I move in behind her to see over her shoulder, and the lush, earthy scent of her shampoo dries my tongue. The fine hairs at the nape of her neck rise at my closeness, and I ache for a body she could lean into—somewhere she could rest her head.

She clears her throat and reaches for the next card, revealing two sleeping lovers. Naked. Entwined.

The woman she painted is unmistakably herself.

Her long red hair snakes over a bed of autumn leaves, a few strands gleaming copper and gold across her forehead and cheeks.

Freckles dust her nose and cheeks, trail down her shoulders, and scatter across her bare chest, and her eyes are closed in the soft illusion of sleep.

She appears to be sinking into the earth, roots and twines cradling the contours of her body, claiming her inch by inch.

The forest either means to protect her—or eat her alive.

The soft curve of her waist and the gentle slope of her stomach lead into the elegant lines of her pale legs, one draped over her lover’s hips, the other stretched long across the leaves.

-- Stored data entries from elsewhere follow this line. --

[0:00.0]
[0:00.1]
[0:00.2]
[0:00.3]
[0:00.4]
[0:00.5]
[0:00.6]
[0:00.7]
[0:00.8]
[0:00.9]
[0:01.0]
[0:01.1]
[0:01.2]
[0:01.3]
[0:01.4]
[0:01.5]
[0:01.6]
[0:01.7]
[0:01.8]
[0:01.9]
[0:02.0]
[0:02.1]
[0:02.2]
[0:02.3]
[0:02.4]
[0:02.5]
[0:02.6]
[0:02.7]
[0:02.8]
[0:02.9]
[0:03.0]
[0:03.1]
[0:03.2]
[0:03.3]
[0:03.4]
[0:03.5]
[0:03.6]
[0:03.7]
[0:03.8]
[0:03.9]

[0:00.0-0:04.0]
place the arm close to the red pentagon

Her hand rests over the man’s heart.

Not in a possessive or timid way, exactly. Something between the two, like she’s holding the truth of him in her palm.

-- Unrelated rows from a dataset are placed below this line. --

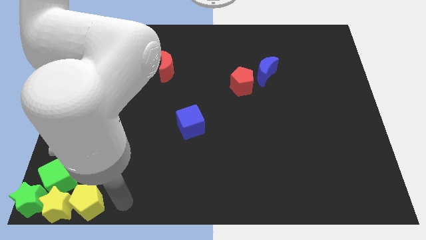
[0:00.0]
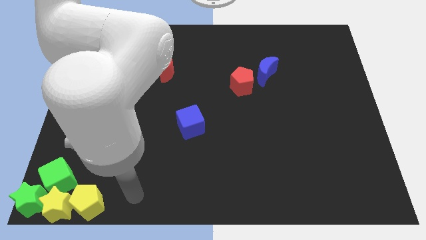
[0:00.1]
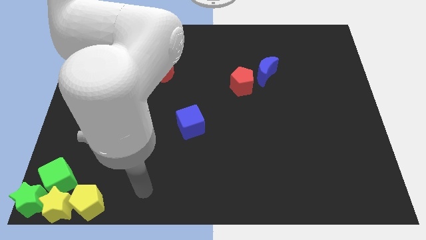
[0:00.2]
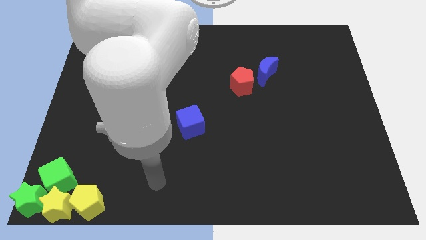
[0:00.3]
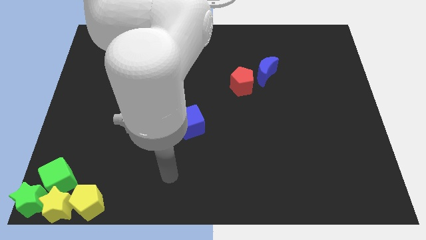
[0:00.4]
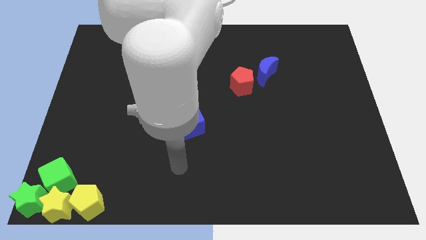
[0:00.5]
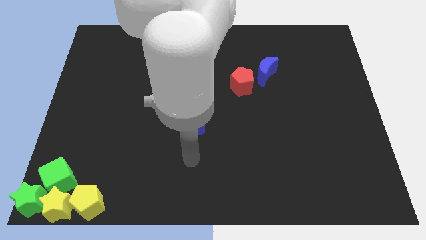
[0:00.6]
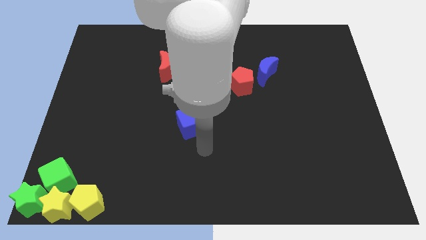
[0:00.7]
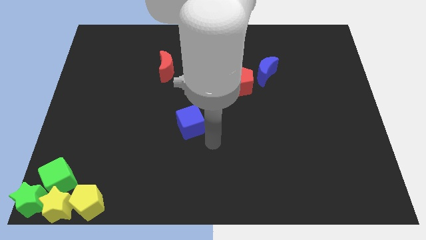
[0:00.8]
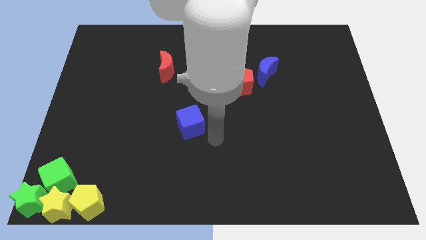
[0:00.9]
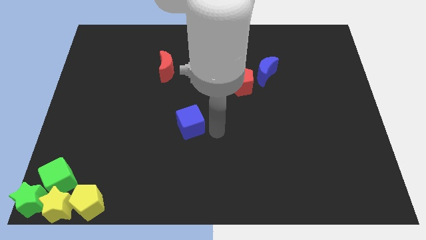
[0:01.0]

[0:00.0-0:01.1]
move your arm to the center of the board

A small fire burns in her hand. A spark of desire. A flame meant only for him.

The man’s face is swallowed by shadow yet steeped in gold, every contour softened and obscured, as though she couldn’t bear to imagine him fully. Hallowed light covers their bodies in a sanctified, holy glow, and the entire card smolders. It isn’t merely sensual, but prophetic.

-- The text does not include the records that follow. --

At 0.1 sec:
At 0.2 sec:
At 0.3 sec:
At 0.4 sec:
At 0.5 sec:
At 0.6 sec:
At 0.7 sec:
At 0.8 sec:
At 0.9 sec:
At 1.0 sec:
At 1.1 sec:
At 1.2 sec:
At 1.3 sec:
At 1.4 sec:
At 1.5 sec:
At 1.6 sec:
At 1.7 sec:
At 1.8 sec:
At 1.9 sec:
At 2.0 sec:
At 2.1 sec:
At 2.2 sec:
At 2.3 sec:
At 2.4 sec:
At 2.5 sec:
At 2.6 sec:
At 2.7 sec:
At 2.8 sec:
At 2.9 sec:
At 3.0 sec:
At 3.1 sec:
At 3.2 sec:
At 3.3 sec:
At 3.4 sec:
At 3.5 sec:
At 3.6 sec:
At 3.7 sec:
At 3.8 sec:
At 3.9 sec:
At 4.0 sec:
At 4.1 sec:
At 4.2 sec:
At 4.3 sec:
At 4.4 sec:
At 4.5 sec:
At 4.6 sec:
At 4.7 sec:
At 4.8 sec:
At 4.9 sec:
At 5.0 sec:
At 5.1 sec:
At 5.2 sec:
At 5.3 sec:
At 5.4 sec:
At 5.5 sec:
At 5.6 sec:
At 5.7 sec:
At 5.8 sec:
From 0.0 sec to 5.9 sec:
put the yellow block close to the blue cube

A wishful confession disguised as art.

“That’s the most beautiful one,” I breathe.

Her eyes dance. “You’ve only seen two.”

“I don’t need to see any more to know I love them.” Love you, I want to add. “You painted this deck with a piece of your soul, Max. It’s monumental.”

“I used to walk the trail up to Holyrood Park near the Edinburgh University library, kick off my shoes, and paint at the base of this beautifully skewed, gnarly hawthorn tree. A single card could take anywhere from one to four afternoons—so you do the math. All seventy-eight cards except for one. It took me months…”

“Why did you stop so close to the end?”

She shakes her head, pausing as if she’s just let slip a secret she once swore she’d never tell. “I guess I figured no one in this world would ever understand. I made a promise to myself, on that last day, never to return. Never to finish the last card.”

“Why?” I whisper, my voice heavy with grief.

Heat climbs up her throat, vivid as spilled wine. “Because I’m no Faerie princess, and there’s no Fae prince waiting for me. I was being na?ve. Now, let’s go back to your reading.”